**Task to complete:**
Starting with the line that contains "An aerial image. It shows: Footway", copy each line exactly through the end of the listing, and omit all pictures.

━━━

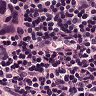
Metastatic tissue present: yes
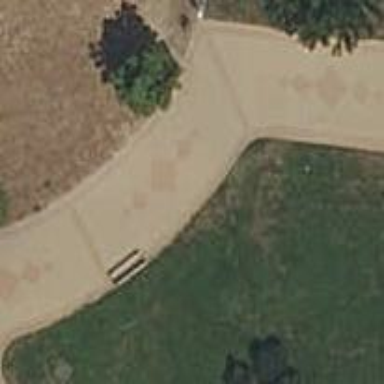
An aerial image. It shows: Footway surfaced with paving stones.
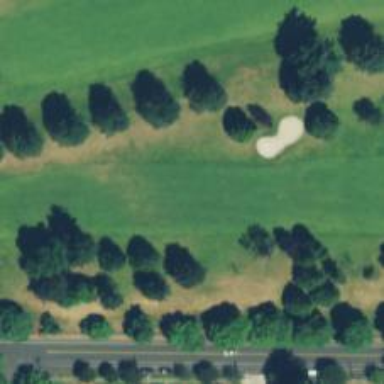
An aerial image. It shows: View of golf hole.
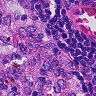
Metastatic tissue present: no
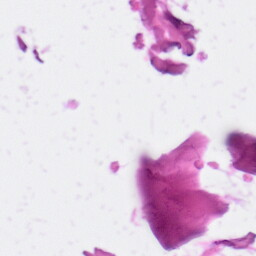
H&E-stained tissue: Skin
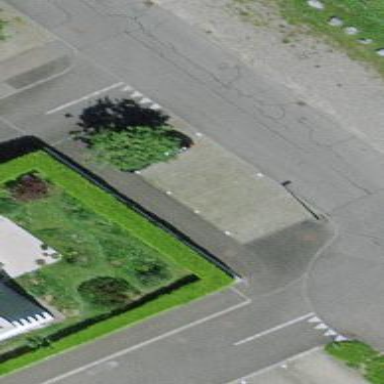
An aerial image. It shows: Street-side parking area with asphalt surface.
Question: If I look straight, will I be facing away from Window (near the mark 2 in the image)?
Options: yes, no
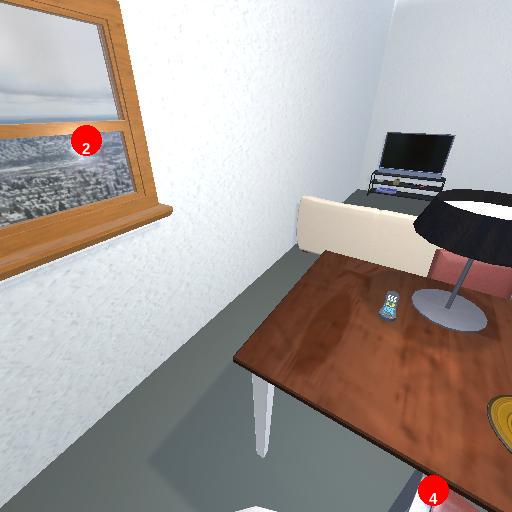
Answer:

━━━

**Expected output:**
An aerial image. It shows: Footway surfaced with paving stones.
An aerial image. It shows: View of golf hole.
Metastatic tissue present: no
H&E-stained tissue: Skin
An aerial image. It shows: Street-side parking area with asphalt surface.
Question: If I look straight, will I be facing away from Window (near the mark 2 in the image)?
Options: yes, no
Answer:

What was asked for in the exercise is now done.